Entelektüel olmak deyince sanırım en çok Edward Said’in bahsettiği amatörlük kavramını seviyorum. Heyecanla yeni şeyler keşfetmek ve bunları amatör bir ruhla paylaşmak.
Sadece kendi alanında değil, seni heyecanlandıran başka alanlar üzerine de düşünme cesaretini göstermek, farklı kavramları çarpıştırmak, birleştirmek ve daima üretmek. Peki, nasıl?
Entelektüellik, biraz “kurnazca” nerede, ne zaman, kime çomak sokacağını bilmekle de ilgili gibi geliyor bana.
Muktedirin gerçek yüzünü göstermekle ilgili. Her koşulda adaleti savunmakla, bunu da slogan atılacaksa bile zekice yapmakla ilgili.
Mesele entelektüel bir kadın olmaya gelince…
Alanı sınırlayalım; Türkiye’de bir kadının yazar olmasından söz edelim mesela. Karşımıza ataerkil erkek zihniyetinin hayatı zorlaştırması çıkıyor.
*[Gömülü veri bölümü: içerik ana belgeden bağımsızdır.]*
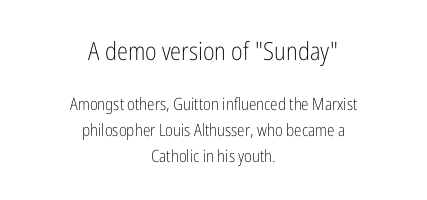
Q: Is the text bold? A: No.
Q: Is the text italic (slanted)? A: No, it is upright.
Q: Is the text underlined? A: No.
Q: How is the paragraph aligned? A: Centered.
Q: Is the spacing between letters normal or unusually wide? A: Normal.
Q: Is the spacing between lines tight, normal or loose? A: Normal.
Q: Which block of text is set in a larger size, the first (top) or the second (bottom)? A: The first (top) one.

Bu kimi zaman bir baba, kimi zaman koca, kimi zaman başka bir yazar veya editör, bazen de herhangi bir muktedir oluyor.
Kadınların literatürde, tarih sahnesinde neden daha az göründüğünü mutlaka siz de düşünmüşsünüzdür. Modern hayata bakınca ne görüyorsunuz? Ben şunu görüyorum: her şeye yetişmeye çalışan kadınlar ve sadece işine odaklanmış bir erkek. Buradaki kilit kelime “odaklanma.”
Kadınlar nadiren tek bir şeye odaklanabiliyorlar çünkü gündelik hayat onları çocuklar, aile, eş hatta iş arasında bölünmeye itiyor. Biliyorsunuz; odaklanamazsanız hiçbir alanda ama özellikle entelektüel alanda başarı yakalamanız mümkün değil.
Virginia Woolf, artık modern bir klasik olmuş “Kendine Ait Bir Oda” isimli metninde şöyle der: “…eğer kurmaca bir metin yazmak istiyorsa, bir kadının parası ve kendine ait bir odası olmalıydı.”
Woolf haklıydı.
Paramız ve bir odamız olmalı. Ne anlamlı bir imgeye dönüştü bu oda, değil mi? Bir yazarın en çok ihtiyaç duyduğu şeydir yalnızlık ve sessizlik. Odaklanmış bir zihinle, kendine ait, kimsenin onu rahatsız etmediği bir zaman diliminde derinleşmek, düşünmek ve üretmek.
Evli veya sevgilisi olan erkekler genelde bu konfora ulaşabiliyor. Kadınlar erkeklere bu alanı yaratıyor. Peki, mesele bir kadın entelektüelin hayatı olunca neden olaylar böyle gelişmiyor?
Kadınların sokakta rahat yürüyememesinden tutun da, üretecek zaman ve mekan bulup kendi kendine kalamamasına kadar…
Kadın olmanın zorluklarına neden olan her şey elbette kendini aşmaya, varlık-yokluk kavgasının dışına çıkıp entelektüel bir direnç göstermeye çalışan kadınlar için de geçerli. Hatta entelektüel kadınlar, birçok şeyle aynı anda mücadele ediyor. Kendileri buna dahil çünkü gündelik hayatın hayhuyu içinde ruh sağlıklarını da dengede tutmak zorundalar.
Sadece kendilerini değil, varsa çocuklarını, bazen yaşını almış annelerini ve babalarını hatta eşlerini bile kontrol etmek, yönetmek zorunda kalıyorlar.
Kendilerine yüklenen ev işleri ise asla geçiştirilecek bir konu değil. Tüm bunlardan sonra geriye kalan halleriyle okumaya, yazmaya, kendi seçtikleri alanda yaratmaya çalışıyor entelektüel kadınlar. Gayeleri yaşadıkları yerde, var oldukları toplumları olumlu anlamda dönüştürmek, “iyileştirmek” çünkü sanat ve edebiyat her zaman iyileştirir.
O yüzden entelektüel bir kadın gördüğünüzde, hikâyesini mutlaka öğrenin; binbir zorlukla aşılan yollardan geldiğini göreceksiniz.
Şunu unutmayın; bugün üzerinde yaşadığımız medeniyet öyle ya da böyle biraz da kadınların yaptığı “görünmez” işlerle bugünlere geldi.
Yaşadığımız bu hayatın arızaları da kadınların dokunuşu olmadan çözülemez.
Kadınların, özellikle de entelektüel kadınların hayatının daha kolay olacağı bir dünya özlemiyle…
Haydi erkekler, o çok sevdiğiniz, akıllı kadına bir kahve yapın ve bir süreliğine susup onu kendi odasında yalnız bırakın.